• [MATERIAL FOR THIS TASK]:
== Segment start ==
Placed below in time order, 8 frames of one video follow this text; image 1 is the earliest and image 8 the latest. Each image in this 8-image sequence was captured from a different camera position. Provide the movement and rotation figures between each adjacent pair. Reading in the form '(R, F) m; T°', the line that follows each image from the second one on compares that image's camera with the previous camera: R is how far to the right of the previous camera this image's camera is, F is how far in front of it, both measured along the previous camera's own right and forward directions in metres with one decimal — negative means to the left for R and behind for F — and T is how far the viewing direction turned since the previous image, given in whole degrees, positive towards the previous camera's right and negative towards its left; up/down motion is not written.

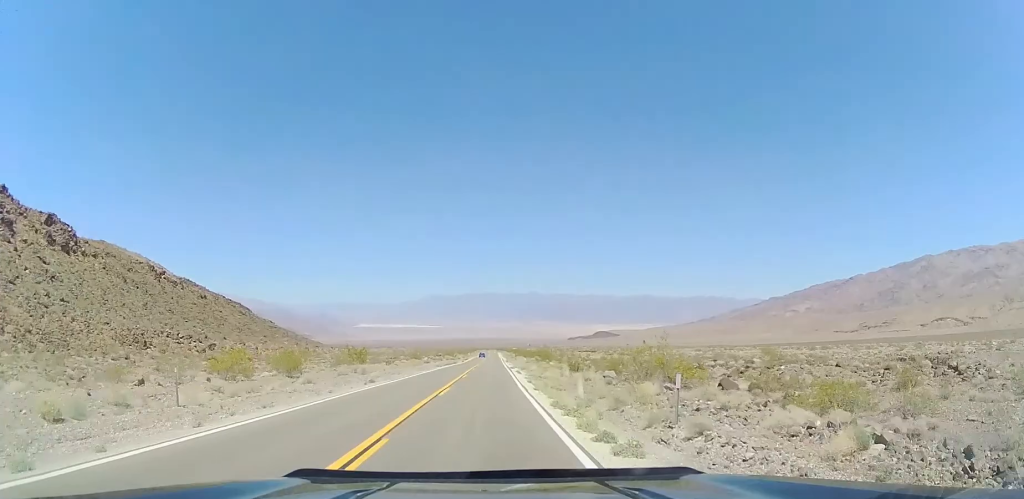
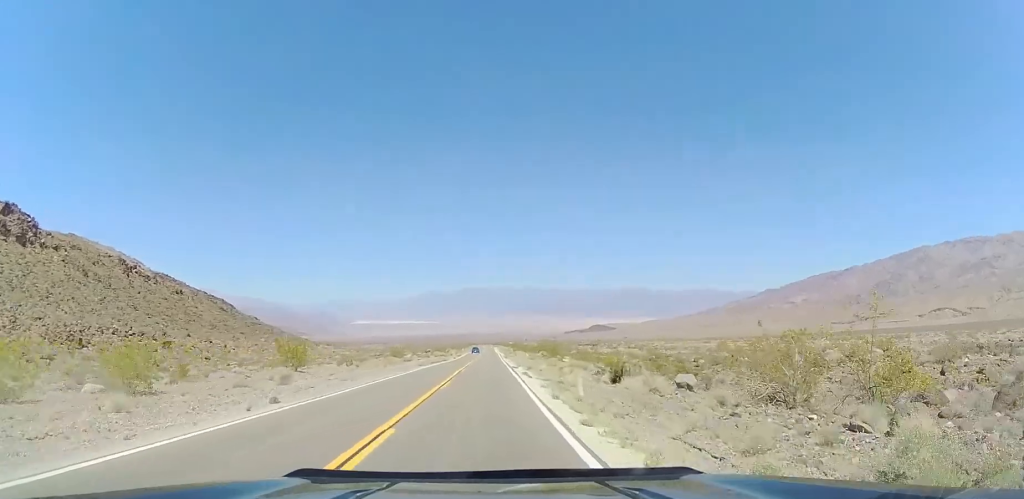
(0.0, +14.1) m; 0°
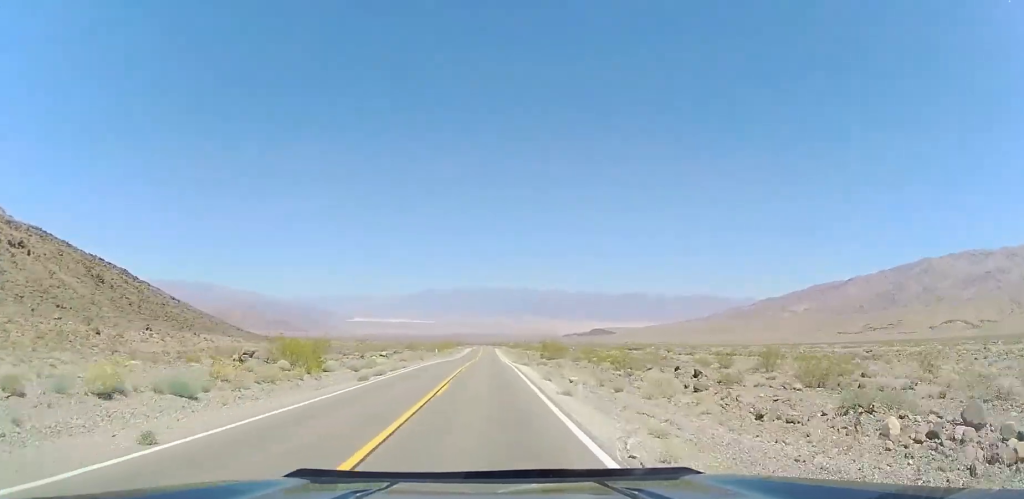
(+0.2, +76.3) m; 0°
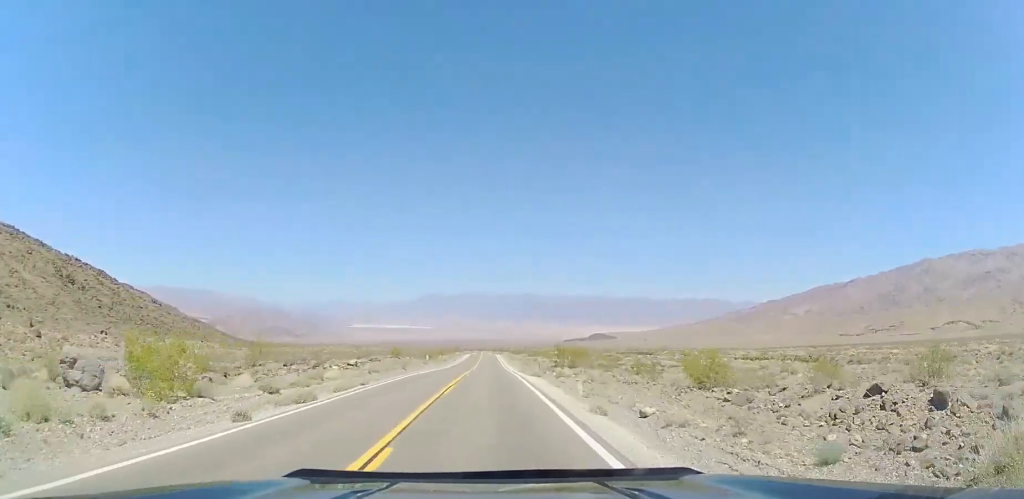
(-0.1, +12.5) m; 0°
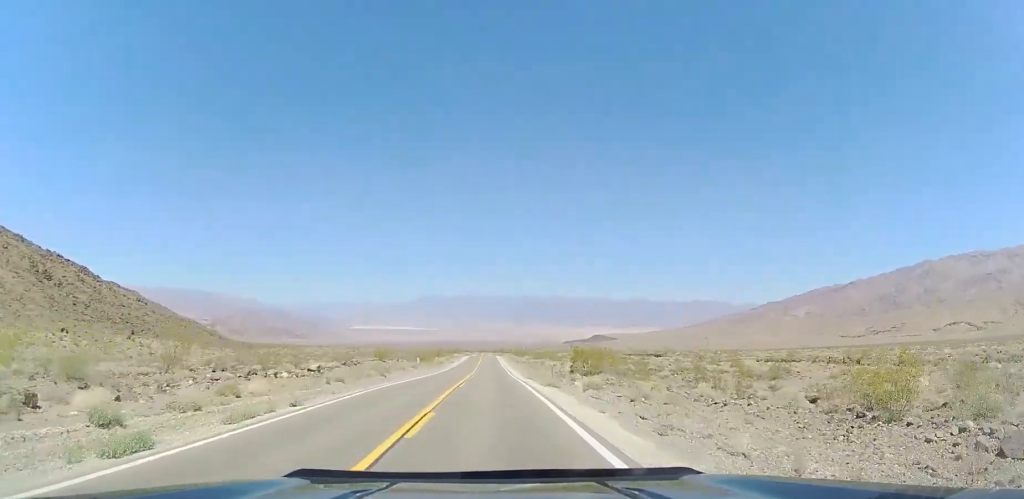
(+0.1, +9.5) m; 0°
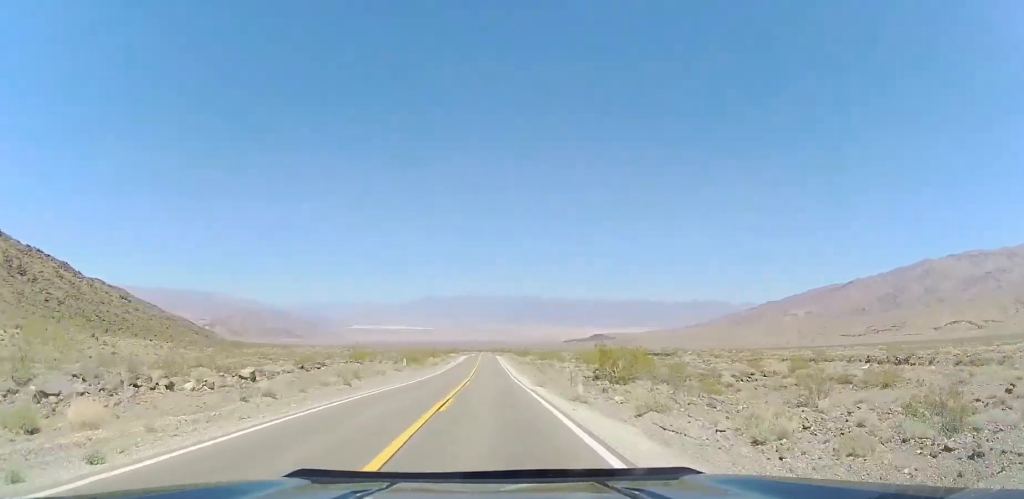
(+0.1, +9.5) m; 0°
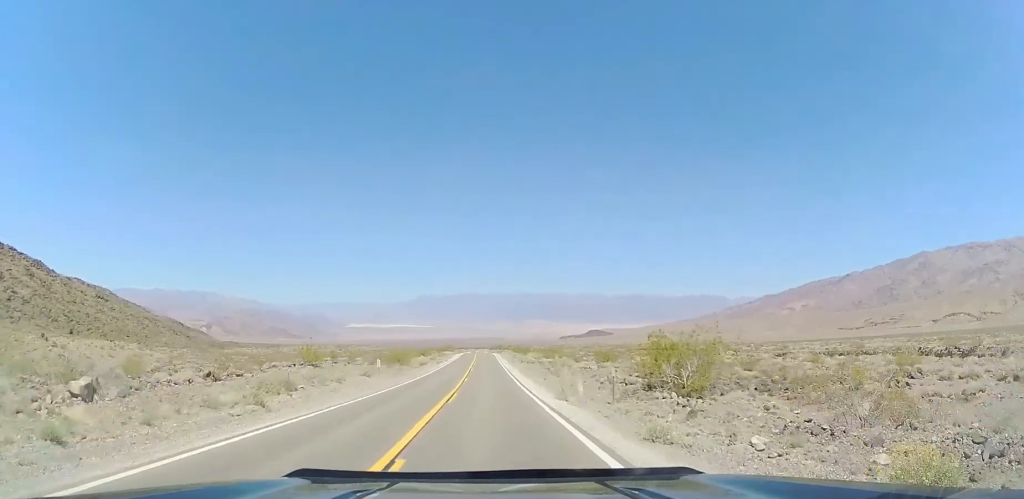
(0.0, +11.1) m; +1°
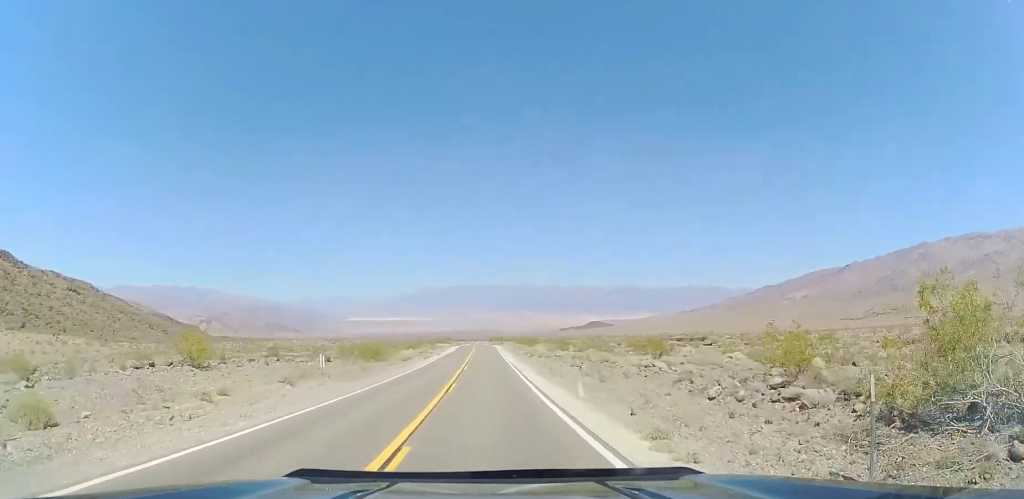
(-0.1, +14.3) m; +1°
== Segment end ==
• [TASK GOAL]: Return each of the lines exactly as they appear above, with no images.

• [EXERCISE RESPONSE]:
Placed below in time order, 8 frames of one video follow this text; image 1 is the earliest and image 8 the latest. Each image in this 8-image sequence was captured from a different camera position. Provide the movement and rotation figures between each adjacent pair. Reading in the form '(R, F) m; T°', the line that follows each image from the second one on compares that image's camera with the previous camera: R is how far to the right of the previous camera this image's camera is, F is how far in front of it, both measured along the previous camera's own right and forward directions in metres with one decimal — negative means to the left for R and behind for F — and T is how far the viewing direction turned since the previous image, given in whole degrees, positive towards the previous camera's right and negative towards its left; up/down motion is not written.

(0.0, +14.1) m; 0°
(+0.2, +76.3) m; 0°
(-0.1, +12.5) m; 0°
(+0.1, +9.5) m; 0°
(+0.1, +9.5) m; 0°
(0.0, +11.1) m; +1°
(-0.1, +14.3) m; +1°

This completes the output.